TDD Myths

By Phlip Plumlee
May 29, 2010 | Comments: 3

While Extreme Programming remains a valuable template for project success, the decade of its adoption also saw the rise of many dilutions and derivatives. The waters that were once very clear are now muddied. For example, XP says "test first", not "write developer tests occasionally." While one can debate the merits of Test-Driven Development as a design technique, no rational excuse exists why a simple, failing test cannot precede each line of code. If you don't know what the test would be, how could you be ready to write that line?

This post debunks some common myths about TDD.

Should we Blindly Trust Developer Tests when Refactoring?

Software which cannot change is not worthy of the name "soft". Even if a forgiving customer can wait a year for a perfect design, that design still grows via incremental changes. As you learn from it, you will always find new features to add, and new designs to hold all features together..

So let's split the word "change" into two different activities. They are "growing" and "refactoring". One means adding new features while leaving the design the same. And we should explicitly say, out loud to our pair programmer, "we are refactoring now," when doing the other activity. Giving it a name helps us clearly switch our mode of behavior. We should switch frequently between growing and squeezing our designs.

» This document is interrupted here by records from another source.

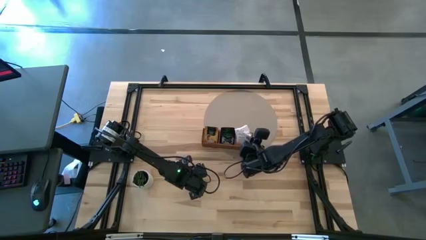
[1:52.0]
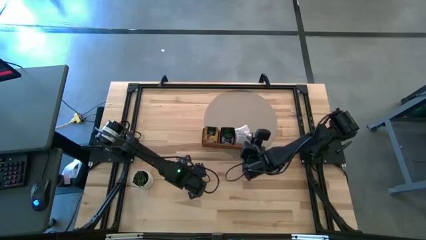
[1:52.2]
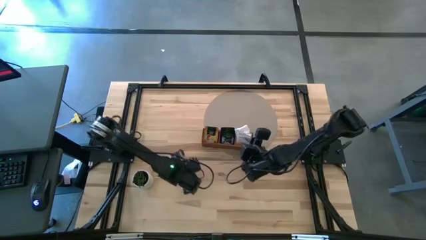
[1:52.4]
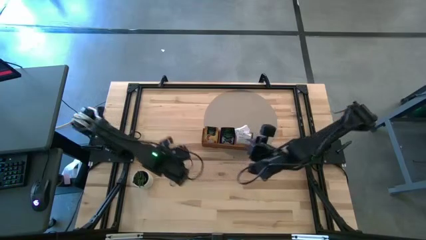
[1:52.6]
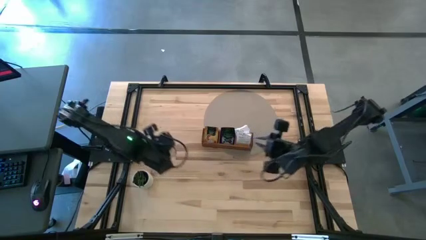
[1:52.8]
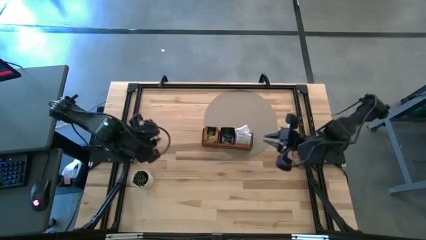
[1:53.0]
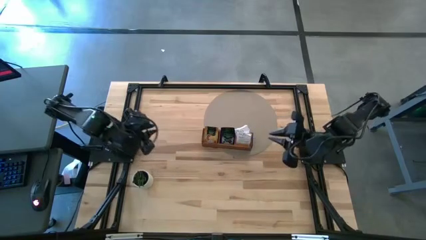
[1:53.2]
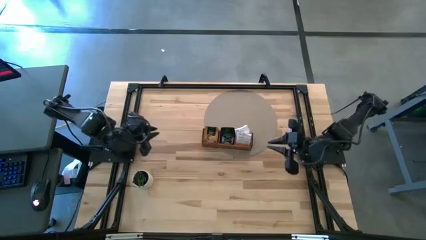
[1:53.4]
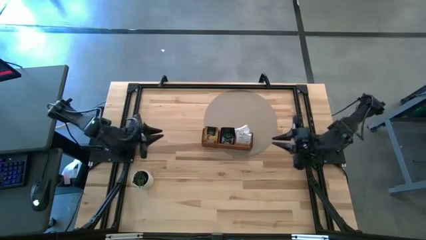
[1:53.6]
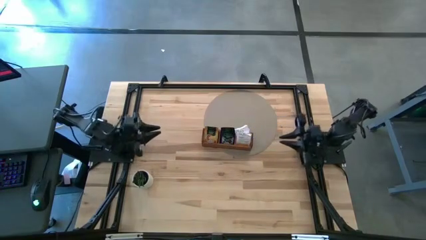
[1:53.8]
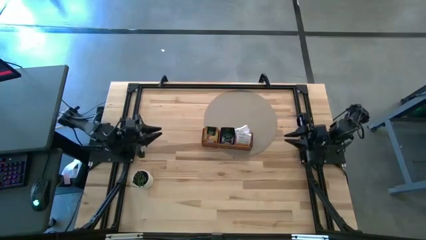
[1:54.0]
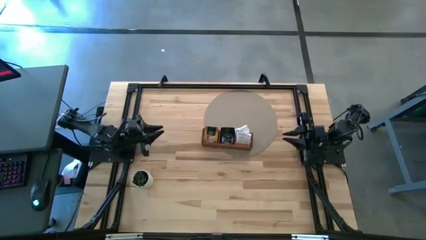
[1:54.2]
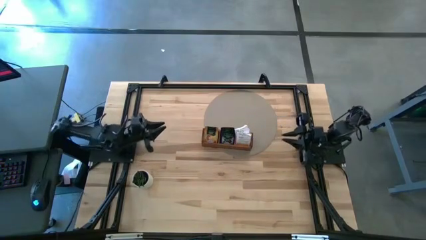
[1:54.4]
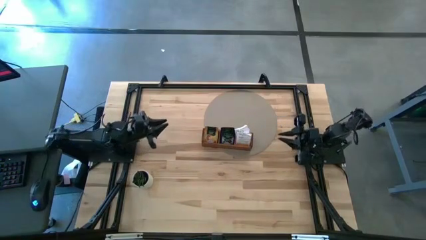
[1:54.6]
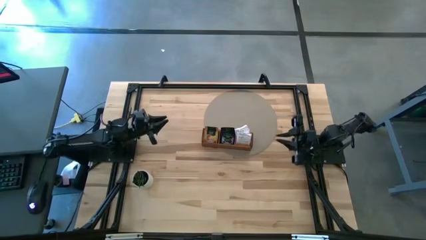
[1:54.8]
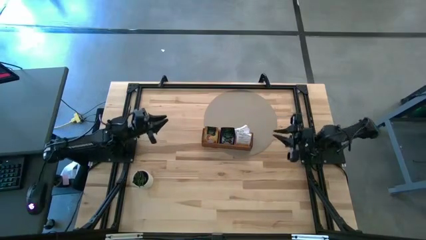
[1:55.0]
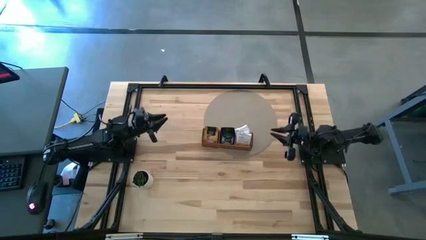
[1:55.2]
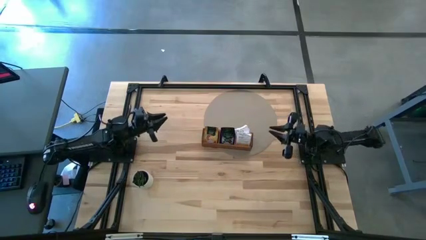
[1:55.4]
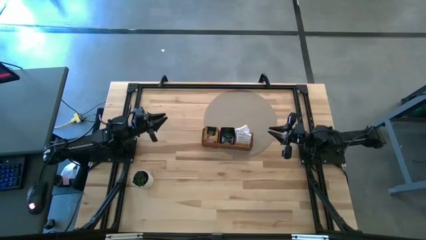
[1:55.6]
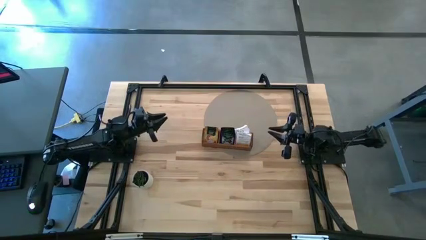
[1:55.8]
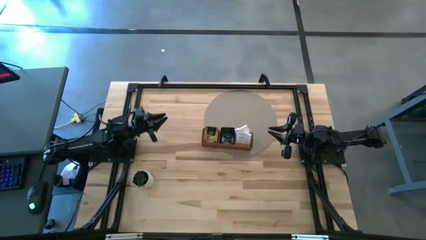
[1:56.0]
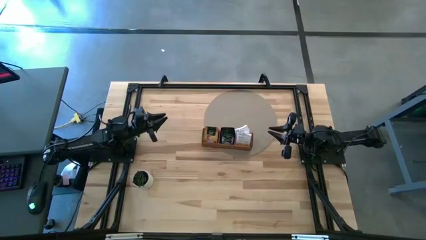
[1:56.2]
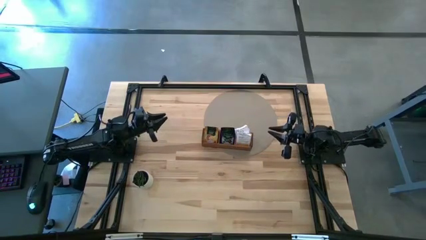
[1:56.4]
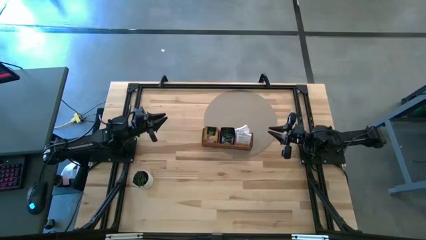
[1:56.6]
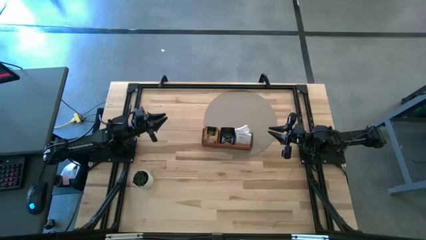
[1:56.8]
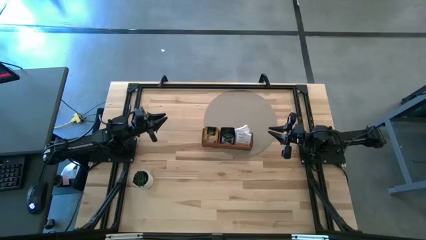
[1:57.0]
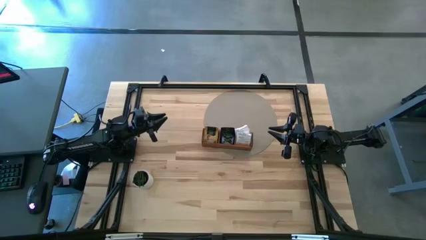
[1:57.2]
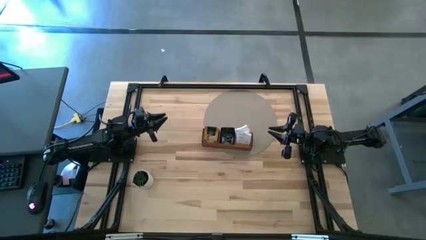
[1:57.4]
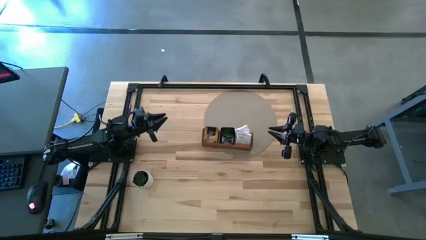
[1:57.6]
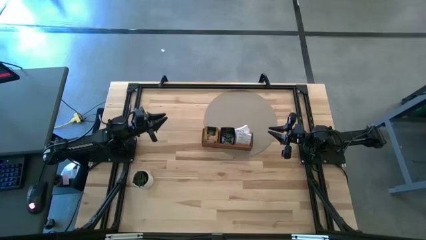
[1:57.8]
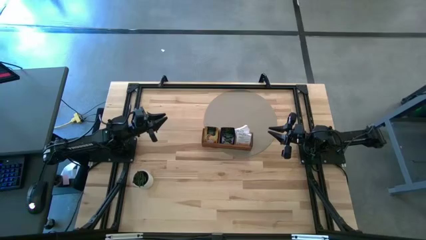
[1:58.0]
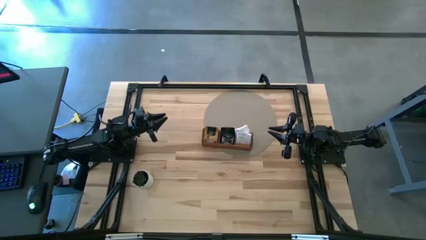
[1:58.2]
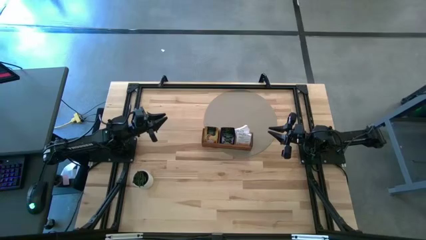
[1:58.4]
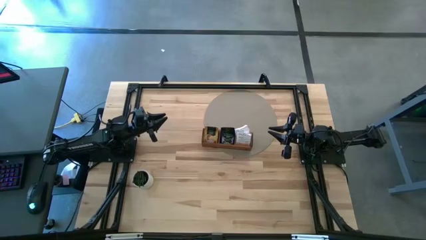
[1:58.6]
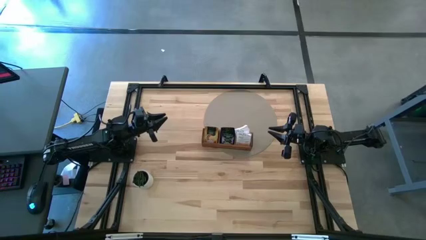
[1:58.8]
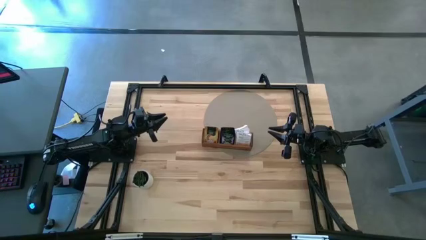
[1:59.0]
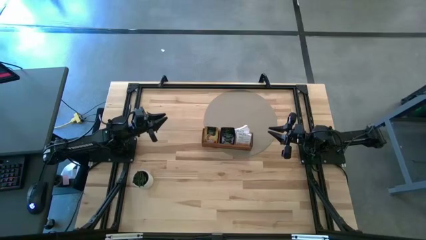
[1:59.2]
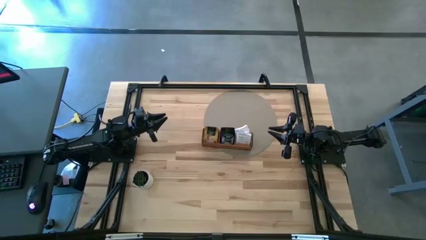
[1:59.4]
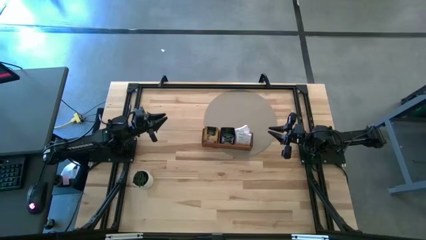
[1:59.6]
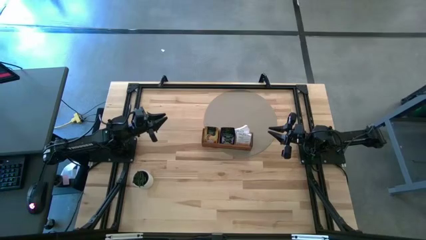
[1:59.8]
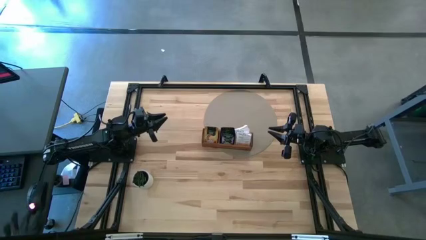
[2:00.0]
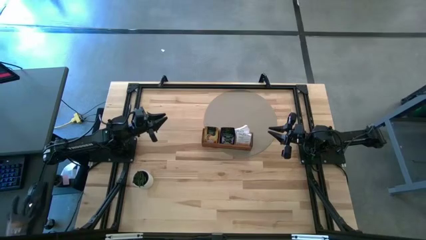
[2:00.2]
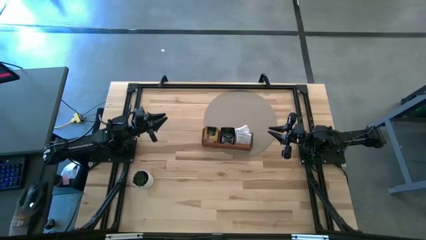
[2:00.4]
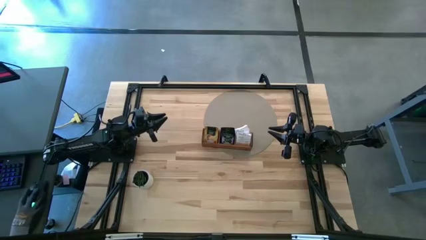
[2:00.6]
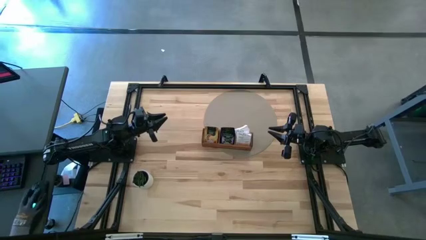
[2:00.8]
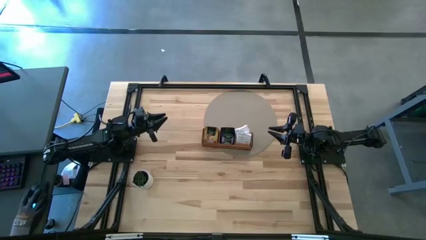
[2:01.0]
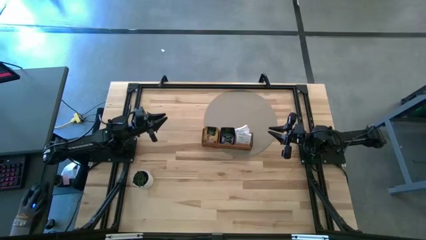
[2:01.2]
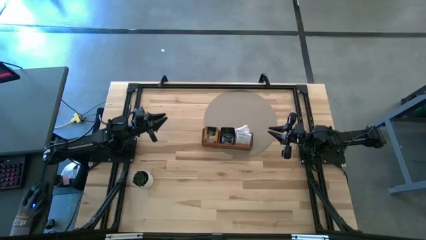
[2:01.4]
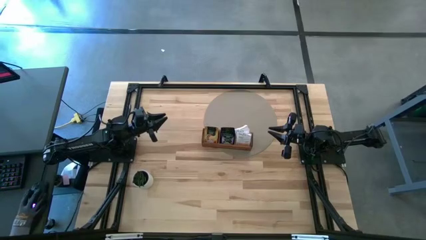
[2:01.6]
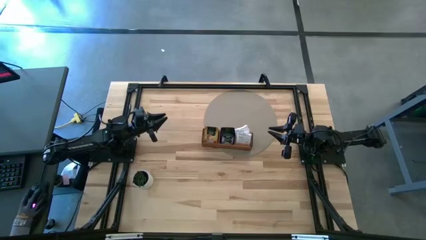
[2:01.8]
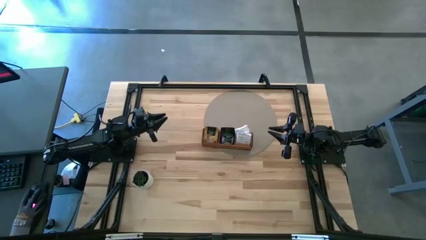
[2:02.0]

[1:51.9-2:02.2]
Task: Pick & Place Tea
Return to Home Position

  • Add details to increase knowledge
  • Remove details to increase wisdom --some zen koan

In refactoring mode, we hit our one test button, and hit our integration button, MOAR often than when growing. Yes, growing is still a little like hacking, and debugging with trace statements (or worse). Refactoring is not. You run your tests often, and you even integrate, between each tiny step of each refactoring recipe. If the tests break, you Undo your refactor and try again.

It is teeth-clenchingly obvious that refactoring might add bugs. Hiding the name "refactoring" inside some other design technique, such as a miraculously bug-free UML diagram, does not fix the problem. So trust your tests as you would trust poisonous snakes with fangs, and constantly seek to improve them. A sucky design is a much worse problem, as the time required to add new features goes up.

Can Tests Catch All Bugs?

Of course not. Tests will never catch all problems that might distress a user, and they will never even catch all bugs inserted during refactoring. Testing cannot even tell you how often a given refactor step inserts a bug, only to see the next refactor step squelch it. You know what you are doing - to the limit of your normal mortal memory - and your tests know what they are doing, even if they slavishly pin down some feature that's wrong.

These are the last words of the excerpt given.